What you need to do:
Should an entry contain an image, omit it and repeat the rest exactly.
(Beginning of Supplied data)
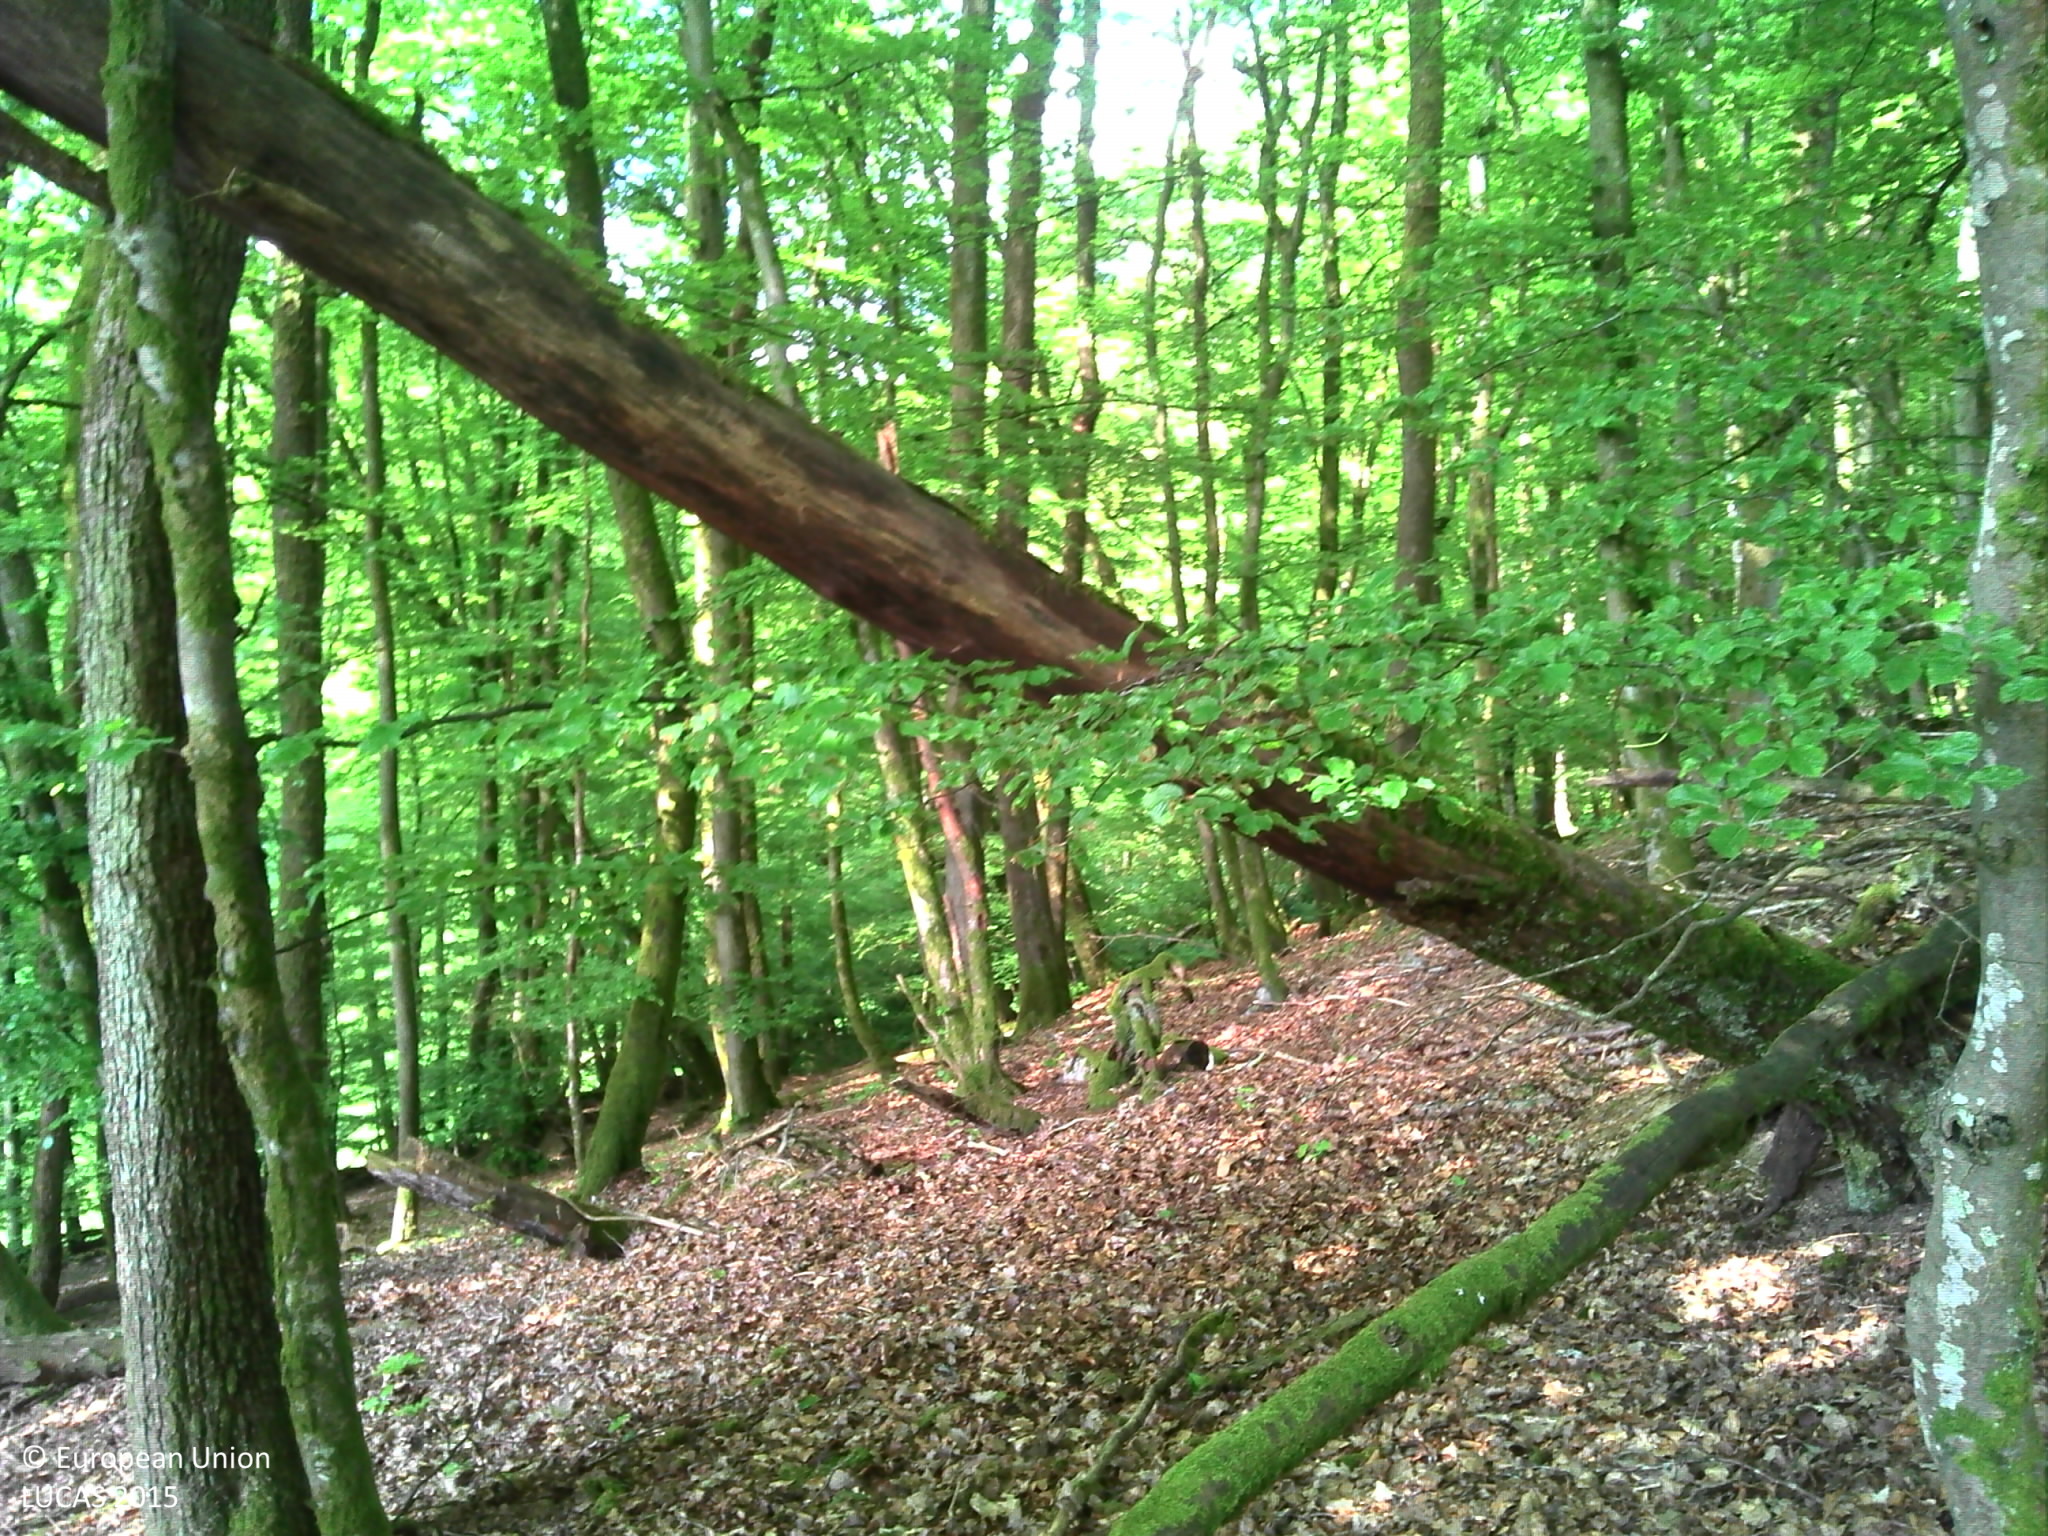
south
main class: Woodland
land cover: Broadleaved woodland
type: acidophilous oak and oak-birch forest
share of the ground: > 75 %
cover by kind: broadleaved forest trees 95 %, lichens and mosses 5 %
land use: Forestry
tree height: > 5 m
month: May
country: LU
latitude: 49.8802
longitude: 6.0051
(End of Supplied data)
Finished task:
south
main class: Woodland
land cover: Broadleaved woodland
type: acidophilous oak and oak-birch forest
share of the ground: > 75 %
cover by kind: broadleaved forest trees 95 %, lichens and mosses 5 %
land use: Forestry
tree height: > 5 m
month: May
country: LU
latitude: 49.8802
longitude: 6.0051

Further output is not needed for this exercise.